Daniel H. Huson studied mathematics at Bielefeld University. He was a post-doc in Computer Science at the University of Pennsylvania and in Applied Math at Princeton University 1997-99. He then worked as a senior staff scientist at Celera Genomics in Gene Myers' group. Since 2002 he is Professor of Algorithms in Bioinformatics at the University of Tuebingen. In addition, he is currently a Visiting Professor at the National University of Singapore. He works on algorithms and software for phylogenetics, genomics and metagenomics.

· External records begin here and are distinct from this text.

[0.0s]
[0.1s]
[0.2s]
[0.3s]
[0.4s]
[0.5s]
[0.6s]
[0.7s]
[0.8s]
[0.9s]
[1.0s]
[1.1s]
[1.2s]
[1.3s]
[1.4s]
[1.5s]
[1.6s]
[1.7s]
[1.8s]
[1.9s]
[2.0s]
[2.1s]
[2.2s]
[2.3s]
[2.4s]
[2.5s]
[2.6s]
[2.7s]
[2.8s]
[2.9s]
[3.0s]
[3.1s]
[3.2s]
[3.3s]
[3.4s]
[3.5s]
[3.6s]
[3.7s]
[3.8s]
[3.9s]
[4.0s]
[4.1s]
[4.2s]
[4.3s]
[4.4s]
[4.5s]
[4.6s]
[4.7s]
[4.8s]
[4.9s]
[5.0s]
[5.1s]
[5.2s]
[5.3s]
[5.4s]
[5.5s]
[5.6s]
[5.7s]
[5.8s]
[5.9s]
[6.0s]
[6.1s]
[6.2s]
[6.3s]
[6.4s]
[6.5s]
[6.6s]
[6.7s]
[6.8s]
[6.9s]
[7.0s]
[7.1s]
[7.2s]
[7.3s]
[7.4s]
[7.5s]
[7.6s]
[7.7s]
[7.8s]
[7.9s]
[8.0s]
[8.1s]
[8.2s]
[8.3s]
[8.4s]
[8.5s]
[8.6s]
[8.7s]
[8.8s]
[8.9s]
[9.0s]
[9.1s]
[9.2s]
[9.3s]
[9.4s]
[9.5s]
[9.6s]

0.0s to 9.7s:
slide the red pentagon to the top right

The computational analysis of microbiome sequencing data
Environmental shotgun sequencing allows researchers to study microbes as they co-exist in the environment rather than only in pure culture. This is a very active area of research, for example, there is much interest in exploring the role of the human microbiome in the context of diseases. Typical projects involve tens or hundreds of samples, involving billions of DNA reads. Basic computational challenges are: how to efficiently align such datasets against DNA or protein reference databases. How to analyze the resulting alignments so as to identify the organisms and genes present in a sample, and how to correlate the changes seen across multiple samples with external parameters such as disease state. How to provide easy interactive access to such datasets. Our work in this area focuses on developing and implementing algorithms and data structures that address such questions. We will report on a number of algorithms and tools such as DIAMOND, MEGAN and MeganServer. We will demonstrate the use of these tools by describing some of the biological and bio-medical projects that we are involved in.